In the last twenty years the principles of biodynamic winemaking have gained more traction, and today they are taken very seriously indeed. Off the top my head I can name number of prominent wine estates which are now 100% biodynamic. These include Château Pontet-Canet in Bordeaux, Domaine du Comte Liger-Belair in Burgundy, Le Soula in the south of France, Josmeyer in Alsace and Chapoutier in the Rhône. Another is Gérard Bertrand, the former French international rugby player turned vigneron who now runs one of the biggest biodynamic wine estates in France.
Bertrand is not your stereotypical ex-rugby player. Courteous, attentive with a natural presence (accentuated by his tall rugby playing frame) when we meet in London he studiously guides me through several different vintages of his wine. This is not the story of a rich ex-sportsman who is playing at making wine and it feels more than just a second career.
“After rugby I turned my passion only for wine,” he says.
This weekend he will host a lunch at le Fouquet on the Champs Élysées before heading to the France v England game at the Stade de France. A natural synergy of both his appreciation of wine and rugby.
It was drinking wine which led him to biodynamics. When he was a young man he had a slight problem with his liver, a meeting with homeopathic doctor Francis Mazel cured him of his ailment and that is when the germ of an idea to use the same principles in farming was sown.
He says he is convinced that the biodynamic process is the best way for wines to show their true character.
So is he right and what effect does biodynamic winemaking have on the taste and flavour of the wine? During the course of the last ten years I have tasted many biodynamic and non biodynamic wines. In very general terms I would say that biodynamic wines have more freshness, purity and are texturally lighter. In short, they feel more alive, there is more vitality and they have a more pronounced fruit character. The flip side is that, in some cases, during a difficult growing season I have observed the wines can throw up some unusual characteristics. But this is a small quibble.
Bertrand’s wines are a revelation. I kept noting down descriptions such as reserved, ethereal, fresh and pure.
He later confided in me that he works with Jean-Claude Berrouet who for decades fine tuned Petrus in Bordeaux.
“Every year I do a blending session with him.
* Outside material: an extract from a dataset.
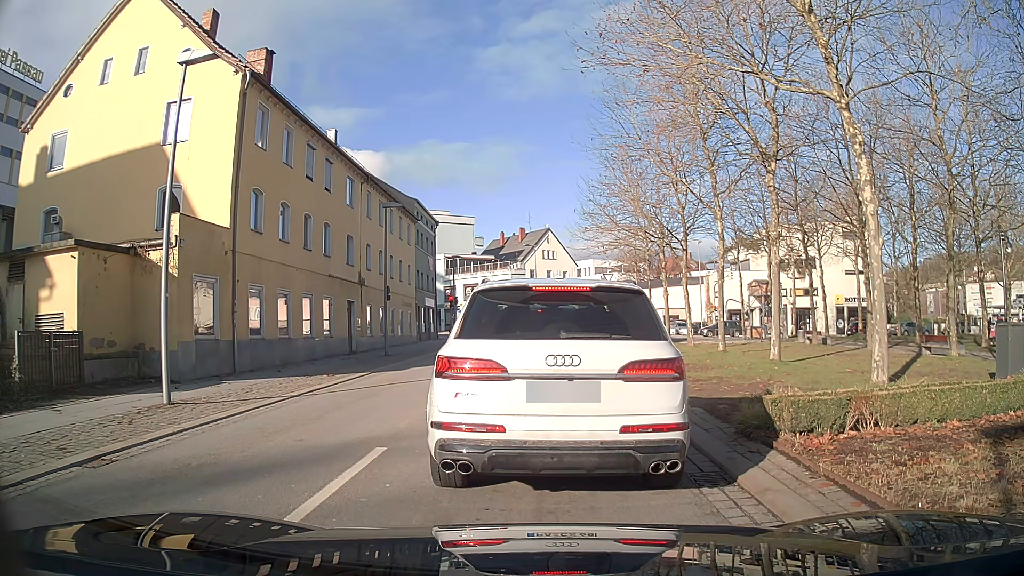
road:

He delivers to me the purity of wine and the sense of detail, the ability to go deep into detail,” says Bertrand.
“He has the methodology of a scientist and the romance of a writer. I like when the wine is silky and velvet and when the fruit is coming first. I don’t want to have wine with too much oak.” Music to this wine critics ears. Of course, as well as biodymanics, it helps to have a master blender like Berrouet on board too.
Three to buy
Ignore anyone who says that Chardonnay is passé. This is an example that is brimming with clean, crisp, citrus notes. Fresh with a well-rounded and smooth mouth feel it has a light touch which means it slips down very easily.
No sooner have you lowered your nose into the glass than a wave of unctuous sweet dark fruit hits you, there is a nice violet character too. Very smooth with an after taste that seems to go on and on. A blend of Syrah, Grenache and Carignan this is a serious wine that will benefit from cellar ageing.
Dark and brooding this sits in the glass throwing up notes of spice, truffles, herbs and damp earth. Like all of Bertrand’s wines it has a very smooth texture but despite its weight and obvious power finishes off with a very fresh finish. Seriously good.